Debunked some of the myths about the ‘net generation.’ They are users, but not necessarily savvy about it.
She then pointed out that we have a lot of data about Internet uses, but not a lot of fundamental data about the average Internet user, and that this is a key distinction. The data she relies on stems from in-person observations and interviews and surveys that she has done over the last decade or so. In one of her major surveys of UIC students, she used pencil and paper surveys, noting that if one is assessing or exploring the notion of skill, using an online survey isn’t a wise method. It’s been repeated three times, from 2009-2012.

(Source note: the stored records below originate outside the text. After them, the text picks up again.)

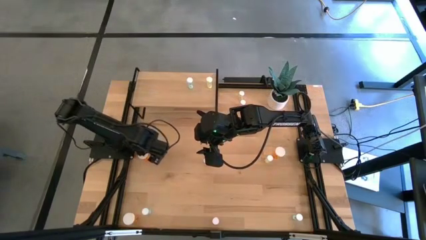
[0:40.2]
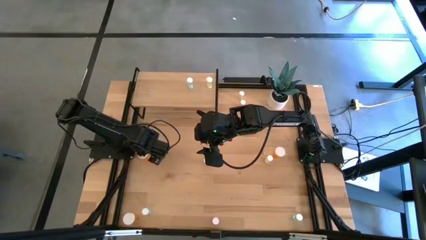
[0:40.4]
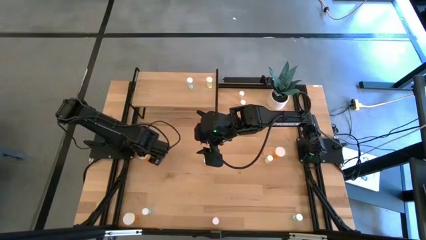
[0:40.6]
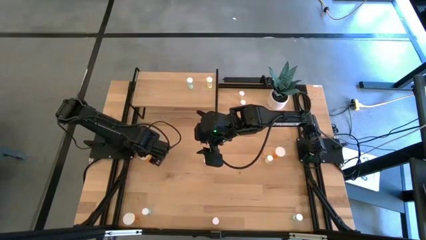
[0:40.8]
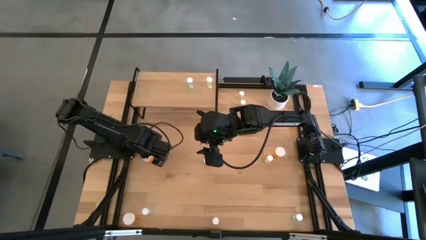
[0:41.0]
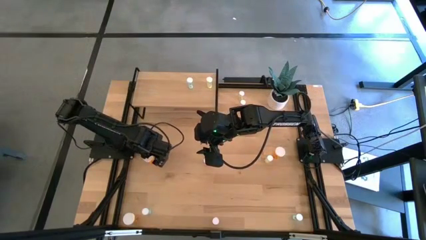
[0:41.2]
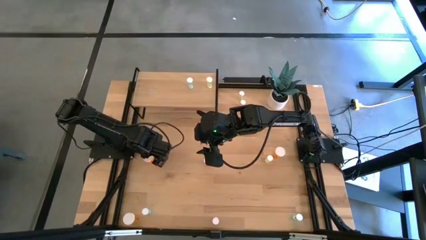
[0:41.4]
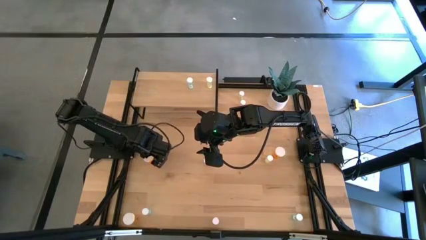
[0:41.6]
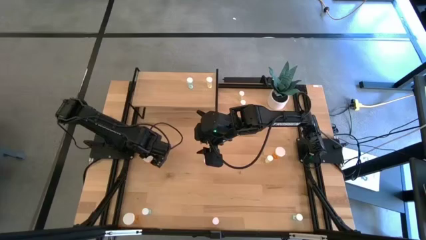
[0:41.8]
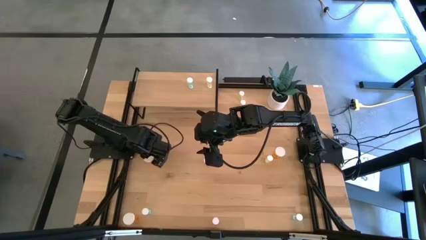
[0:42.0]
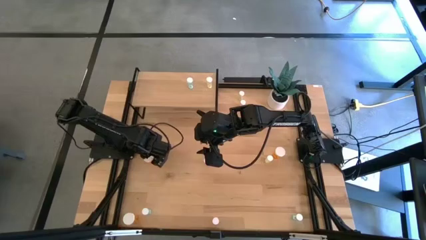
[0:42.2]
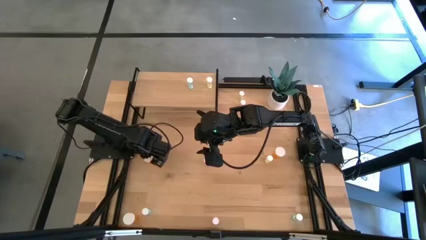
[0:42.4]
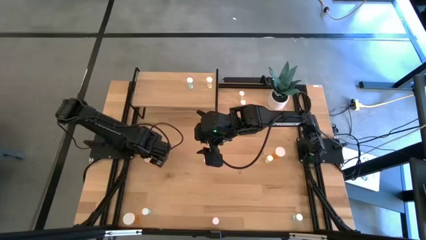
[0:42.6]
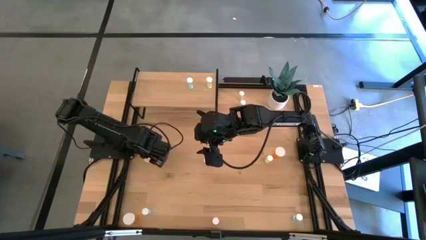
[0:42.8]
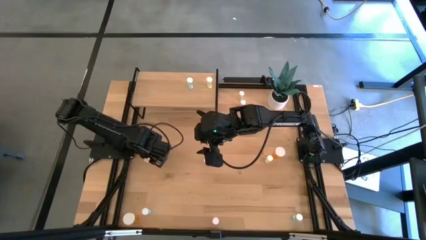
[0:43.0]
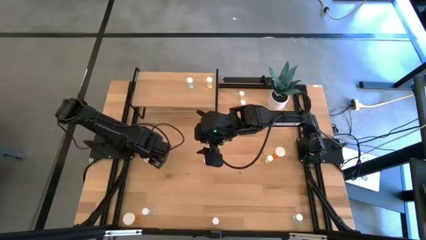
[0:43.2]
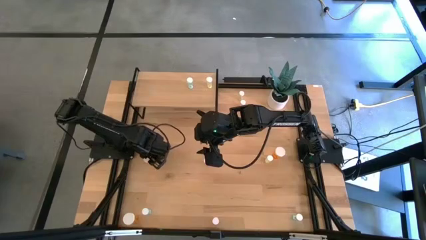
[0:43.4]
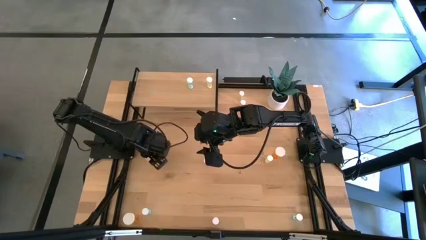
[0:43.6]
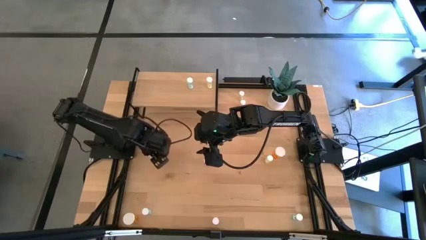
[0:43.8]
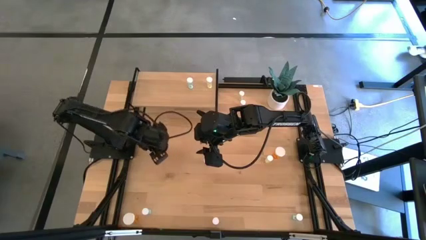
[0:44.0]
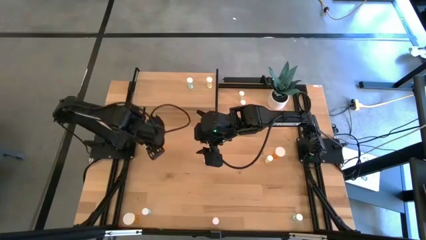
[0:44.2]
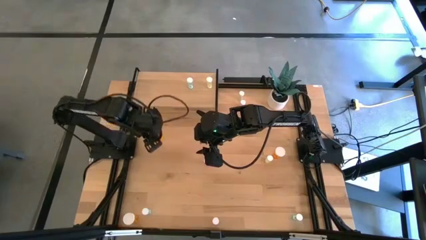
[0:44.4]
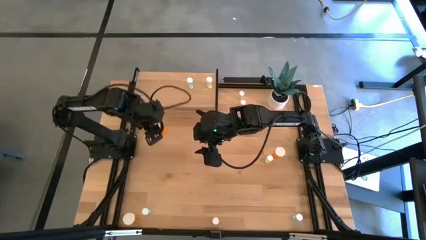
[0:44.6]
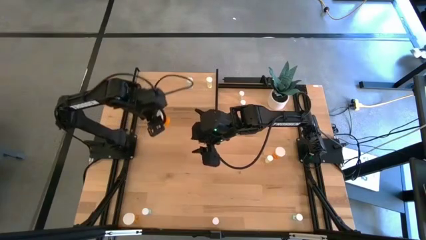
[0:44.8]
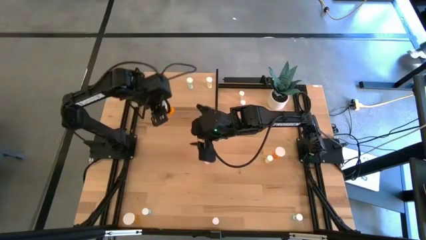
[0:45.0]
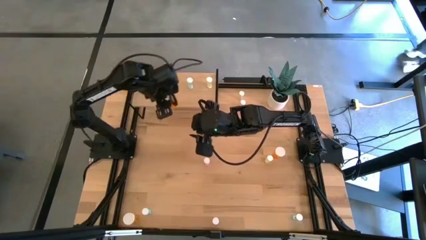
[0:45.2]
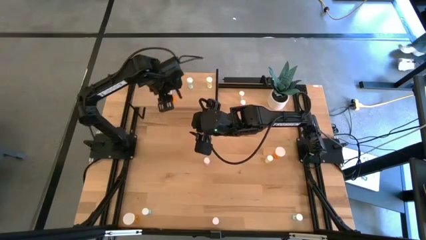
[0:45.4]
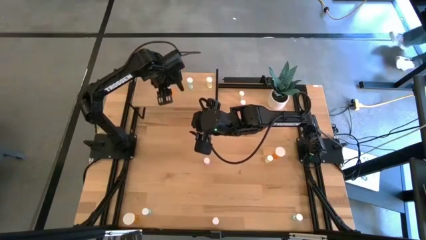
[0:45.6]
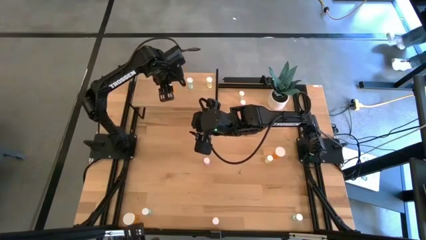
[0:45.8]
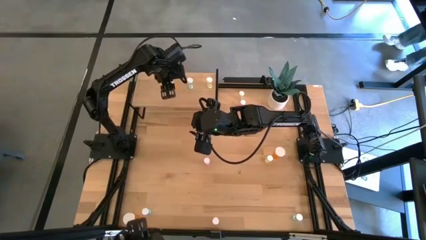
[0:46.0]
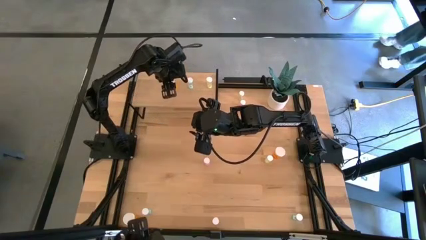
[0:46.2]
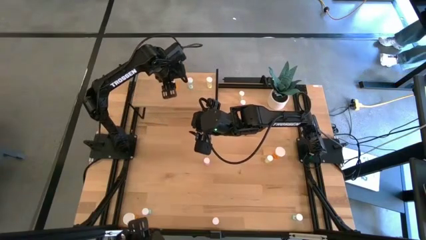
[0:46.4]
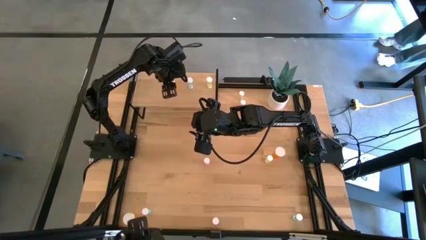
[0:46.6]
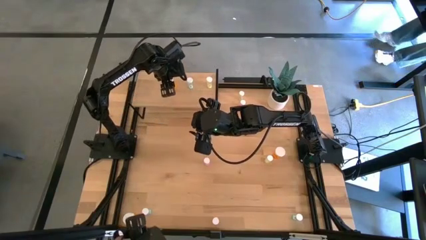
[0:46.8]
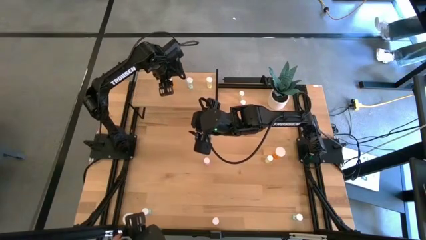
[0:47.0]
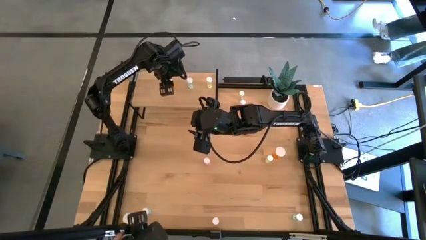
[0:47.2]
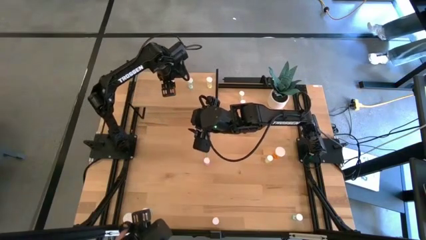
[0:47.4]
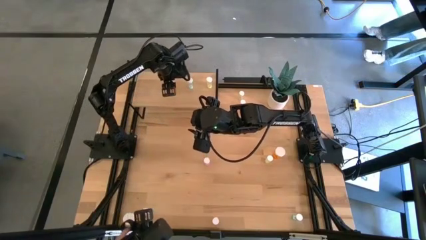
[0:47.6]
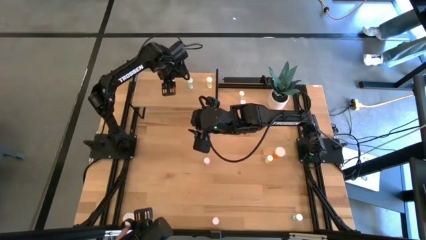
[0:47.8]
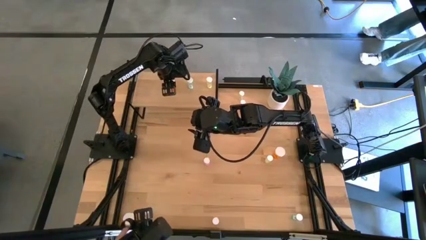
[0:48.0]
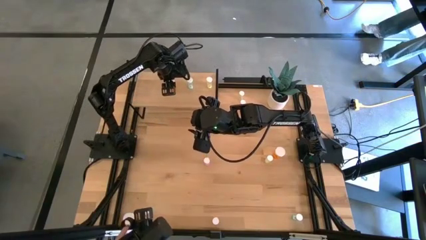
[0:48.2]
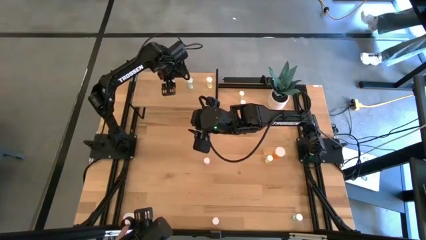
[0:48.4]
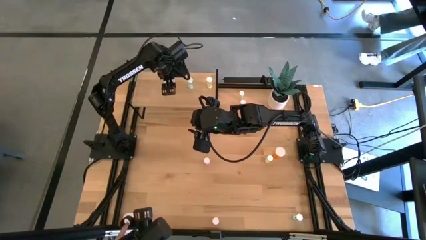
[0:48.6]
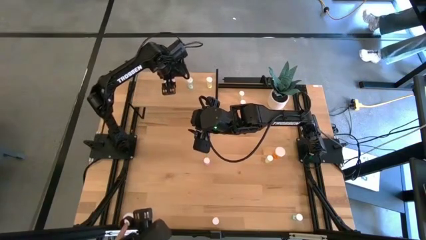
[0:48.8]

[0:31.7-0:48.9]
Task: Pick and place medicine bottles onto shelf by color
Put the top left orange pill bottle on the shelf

An aside: to ascertain data quality, she puts in questions in her surveys that tell the respondent “for this question, check very often” just to see if people are reading the questions. Any wrong response to this question means that the results are pulled from the pool. She has a 4% rejection rate based on this method.
In the survey, she assesses their knowledge of some basic Internet terminology, e.g.- reload, bcc, pdf, etc. With regard to bcc, 34% could not–in a multiple choice format–identify what it is. Phishing performed similarly poorly. She gave them a list of four URLs and asked which likely represented the URL of a major bank. Only 12% got this right. Frightening stuff, but not surprising for those engaged in Web work.
Her results show that socioeconomic status relates to skill level, rising with status. The trend from 2009 actually didn’t change in 2012. Everyone went up overall, but the curve looks the same. In other words, people aren’t catching up.
She clearly articulated that socioeconomic status correlates clearly to participation in social media, with participation going up with status. This has implications, she pointed out, for our marketing efforts via these platforms.
One general conclusion she illustrated is that although participation online does improve any number of outcomes (such as academic achievement) those higher in status benefit more, so while everyone is going up, the gap between those at the top and bottom of the SE scale is widening.